Because leaving other bits unchanged requires a OR operation which can only set to '1' unmasked bits, we need first to reset all bits under interest to 0. That’s the purpose of the AND operation using ~(0xC00) as a negative mask.

Step-over the two lines and watch the GPIOA register MODER at address 0x48000000:

MODER is the register that defines the direction (input/output) of each MCU pins associated with GPIOs. What we’ve just done, is to set PA5 pin as an output. This is precisely what we need, in order to be able to drive the LED.

Note that if the GPIO clock is not started before (as we did), MODER cannot be written. Again, you can refer to Reference Manual to get detailed information regarding the MODER register:

2.3. Monitoring Memory

If everything goes well, the debugger is now stopped at the beginning of the infinite loop:

Press several times to verify that the switch statement behaves as expected (until i=3 for instance). Doing that, observe the values of state, i, j into the Variables tab.

Open the Memory view. Add a monitor &i. The memory viewer then shifts to display the location of i variable first (here at address 0x20003FF4).

Step over the code another couple of times to see if the value of i correctly changes in both the Variables and Memory views.

Suppose now that we want to check that the switch statement works well when i variable reaches 100000. Obviously, it would take too much time (and pain) to manually step through the code until then.

There are at least 3 ways to achieve this much faster:

• Change the value of i to something close to 100000 (eg 99999), in the Variables view

• Position editing cursor on line 47 (first instruction when i>100000) and then use Run→Run To Line menu command

• Set a breakpoint at line 47, and then press the run button

Let-us try the second method. Position editing cursor on line 47 (or the one that corresponds in your source code) and then use Run→Run To Line menu command. Watch the value of i in the Variables view. Should be 100001 now.

Step-over the code another couple of times, looking at i, j and state variables and make sure things are behaving as expected (now looping through the state 1).

Press the run button and verify that the LED is blinking in real time, as a normal code execution.

Note that both Expressions and Variables views display variables. So why having both?

• The Variables view automatically displays variables that are local to the function being debugged at a given time. It is not able to display global variables.

• The Expressions view is where you can display global variables and expressions based on variables.

2.4. Using Breakpoints

Suspend the debugger

The code line pointer is somewhere in the main loop, depending on when you pressed the pause button.  Let us assume that we want to stop the code execution each time there is a change in the LED state. We can do that with breakpoints.

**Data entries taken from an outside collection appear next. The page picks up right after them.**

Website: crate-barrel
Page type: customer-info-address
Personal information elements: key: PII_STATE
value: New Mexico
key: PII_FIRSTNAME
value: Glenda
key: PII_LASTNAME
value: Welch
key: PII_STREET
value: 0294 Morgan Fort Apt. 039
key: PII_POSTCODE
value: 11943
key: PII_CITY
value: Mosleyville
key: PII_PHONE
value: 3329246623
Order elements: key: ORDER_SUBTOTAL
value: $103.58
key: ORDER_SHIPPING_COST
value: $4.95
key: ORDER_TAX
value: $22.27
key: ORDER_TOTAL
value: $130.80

Double-click in the vertical blue lane (on the left of the main editor frame) at line 49 and line 60. You have set two breakpoints, right before LED state changes:

Now the LED state should toggle every time you press , alternatively stopping program execution on either breakpoints. Note that breakpoints are a limited hardware feature of the MCU. STM32F072 offers up to 4 breakpoints. You cannot set as many breakpoints you want.

Info : stm32f0x.cpu: hardware has 4 breakpoints, 2 watchpoints

You can view and manage active breakpoints using the Breakpoints view :

We can't leave this tutorial without a look on the two code lines that actually change the LED state, would we ?

The LED is turned on by:

*(int *)0x48000014 |= 0x00000020U;

• 0x00000020 (hex) is equivalent to 0000 0000 0000 0000 0000 0000 0010 0000 (binary). That is a '1' at the 5th position.
• 0x48000014 is the address of the ODR (Output Data Register) register of GPIOA.

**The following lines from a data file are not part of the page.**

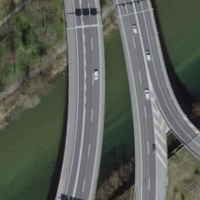
EUNIS habitat code: 57
Species observed at this site:
Milvus migrans
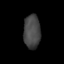
Tissue: skin
Cell type: Epithelial cells
Senescence score: 0.8476
Nuclear area (px): 559
Mean DAPI intensity: 69.757
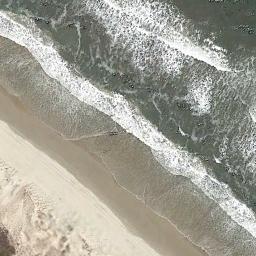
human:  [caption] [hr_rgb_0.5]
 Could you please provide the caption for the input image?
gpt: This surge beat the yellow beach .

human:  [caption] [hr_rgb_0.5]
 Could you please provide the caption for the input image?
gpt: Gray sea water and white wet beach .

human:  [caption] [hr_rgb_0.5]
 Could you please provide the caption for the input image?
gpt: There were large white waves near the beach .

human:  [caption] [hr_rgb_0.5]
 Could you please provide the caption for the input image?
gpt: The beach with khaki sand and the color of the seawater is dark green .

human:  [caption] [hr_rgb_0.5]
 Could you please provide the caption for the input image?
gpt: There are water marks on the beach .
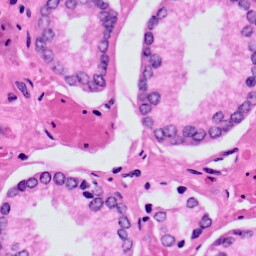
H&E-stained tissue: Prostate

So this code simply writes a '1' on bit #5 of the ODR register, of the GPIOA peripheral.

The same way, the LED is turned off by:

*(int *)0x48000014 &= ~0x00000020U;

Well done, you may terminate the debug session .

3. Summary

This tutorial is an overview of the most useful features of the debugger. Debugging is an essential process that you should get familiar with. No new code (even apparently working) should be released without a deep check (line by line) under debugger. You’ll be surprised.